The Hatten Lab Projects


The GENSAT Project - Novel CNS Migration Pathways



The Gensat Project carried out together with the Heintz Lab, and with members of the GENSAT Project, has allowed us to screen the expression patterns of a large number of CNS genes to probe for genes that might function in neuronal migration. We are using a number of the BAC transgenic lines to study both granule cell migration in cerebellum and the migration of cells in layer 1 of the neocortex. For the cerebellar cortex, we are analyzing HGF and receptor c-Met during glial-guided migration. In the neocortex, we are examining novel pathways of the migration of layer 1 neurons. Contrary to the traditional view where layer1 neurons migrate out through the wall of the cortex, the Pdel1c BAC transgenic line, as well as three other lines, demonstrate that these neurons arise in the anterior aspect of the developing neocortex and migrate across the surface of the structure as development proceeds (Gong et al, 2003, Nature). In this regard, the migration pathway resembles that of the EGL cells in the cerebellum. We are therefore imaging the migration of these cells as well as using genetic methods to dissect the mechanisms of their migration.

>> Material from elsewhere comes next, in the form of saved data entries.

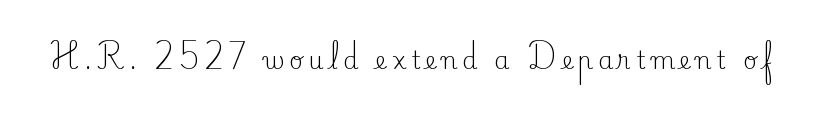
Glyph-to-glyph distance is far greater than everyday printed text. The type sits square on the baseline with zero lean. Stems and bowls with no extra thickness — not bold. Clear beneath every line of the passage.
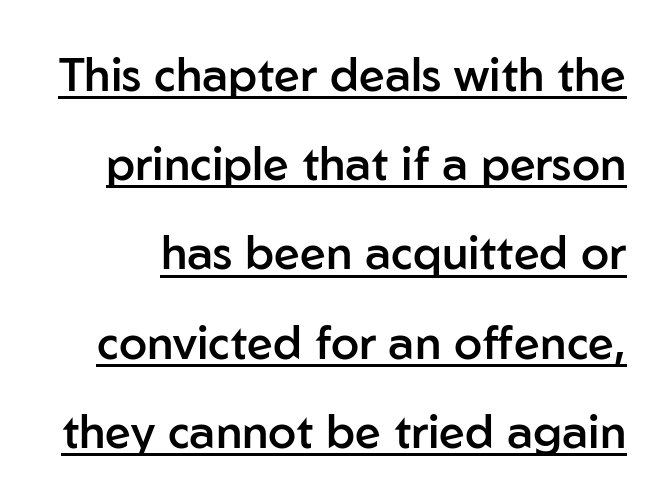
Does the lettering tilt? It doesn't — this is upright. Each letter keeps its own natural width here, so spacing adapts to shape. Glyph-to-glyph distance matches everyday printed text. Each line of the rendering has a horizontal stroke beneath the glyphs. This is sans-serif lettering, the kind often seen on screens and signage.
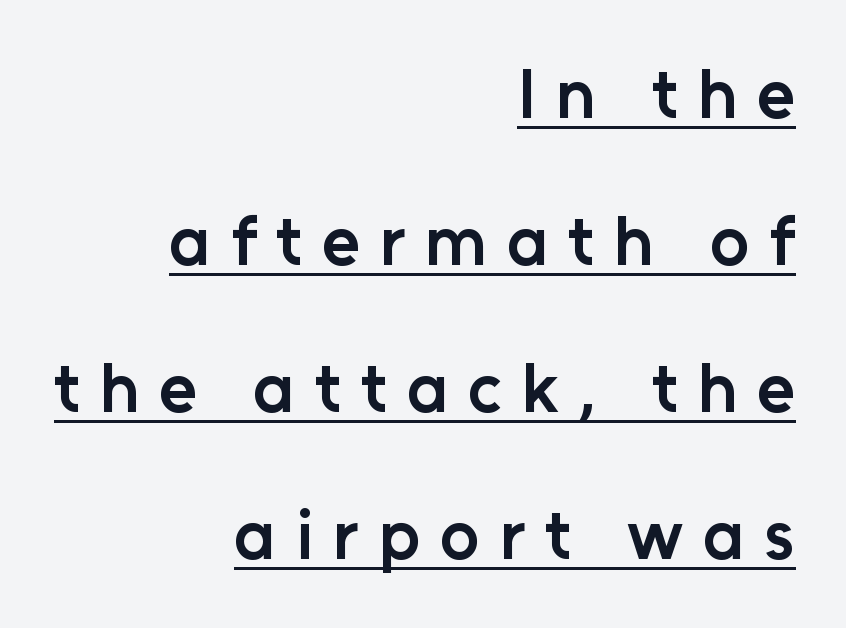
{"serif": "no", "italic": "no", "bold": "semi", "weight": "semibold", "width": "normal", "stroke_contrast": "low", "x_height": "medium", "monospaced": "no", "underline": "yes", "align": "right", "line_spacing": "loose", "line_spacing_ratio": 2.1, "letter_spacing": "wide", "letter_spacing_em": 0.28, "glyph_px": 70}
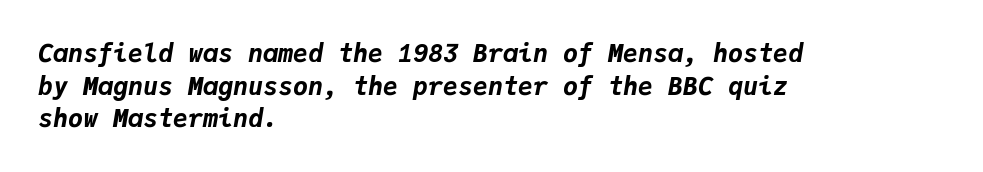
Posture: slanted. Here the glyphs are tracked normally, forming tight word shapes. The face used here has the dense, thick strokes of a bold. These lines sit exactly where default settings would place them. Every row of glyphs begins at an identical x-position on the left.

Expression of Phosphodiesterase 1C reveals a novel and distinct migratory pathway in developing brain. At embryonic day 10.5 (E10.5), EGFP+ cells along the dorsal aspect of the neural tube. At embryonic day 15.5 (e15.5) labelled cells in the anterior portion and superficial aspect of the cortex. At higher magnification, right e15.5, cells above the cortical plate are labelled. At P7, cells in layer 1 of the cortex are labelled (large arrows). Right panel, higher magnification and Confocal microscopy (inset) - layer 1 Cajal Retzius cells express the reporter gene. Cells that undergo a similar pattern of migration, the cerebellar granule cells, are also labelled, as are cells in the olfactory bulb and pontine nucleus. (Reprinted from Gong et al, 2003).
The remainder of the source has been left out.